U.S. President Barack Obama fired back on April 13 with his own plan to reduce government borrowing by $4 trillion over 12 years. But the Democratic leader’s proposal would both raise taxes on the wealthy and cut security spending — to the tune of $400 billion.
If the debate stays within those two goal posts, the outcome should be manageable for defense contractors. Bernstein Research analyst Douglas Harned notes that even if Obama’s $400 billion cut prevails, it would be spread over a dozen years. The result, Harned calculates, is that the baseline defense budget would decline by about 0.5% a year after adjusting for inflation. That’s hardly draconian, and much lower than the deep cuts in military spending seen in the U.K.

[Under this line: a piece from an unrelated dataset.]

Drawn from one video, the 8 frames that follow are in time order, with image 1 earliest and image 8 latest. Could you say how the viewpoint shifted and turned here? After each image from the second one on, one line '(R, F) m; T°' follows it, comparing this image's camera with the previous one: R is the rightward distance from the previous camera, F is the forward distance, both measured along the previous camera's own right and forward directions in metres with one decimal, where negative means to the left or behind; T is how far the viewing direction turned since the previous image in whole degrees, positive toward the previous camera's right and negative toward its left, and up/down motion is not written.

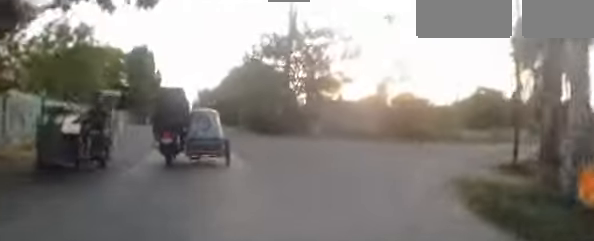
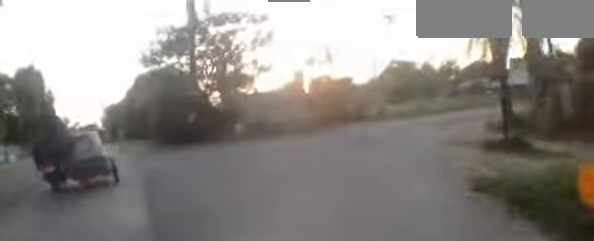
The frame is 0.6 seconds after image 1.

The danger, however, is that as lawmakers on Capitol Hill finally get serious about deficit reduction, weapons platforms could be targeted for even deeper cuts. Rep. Barney Frank (D-Mass.) is part of an odd bipartisan cadre of liberal Democrats and fringe Republicans that wants to slash security spending by nearly $1 trillion during the next decade. Not long ago, that idea was greeted with laughter. But Obama’s new proposal has emboldened them. “Six months ago we weren’t even in the ball game,” Frank tells Aviation Week’s Jen DiMascio. “We’re going to keep it up.”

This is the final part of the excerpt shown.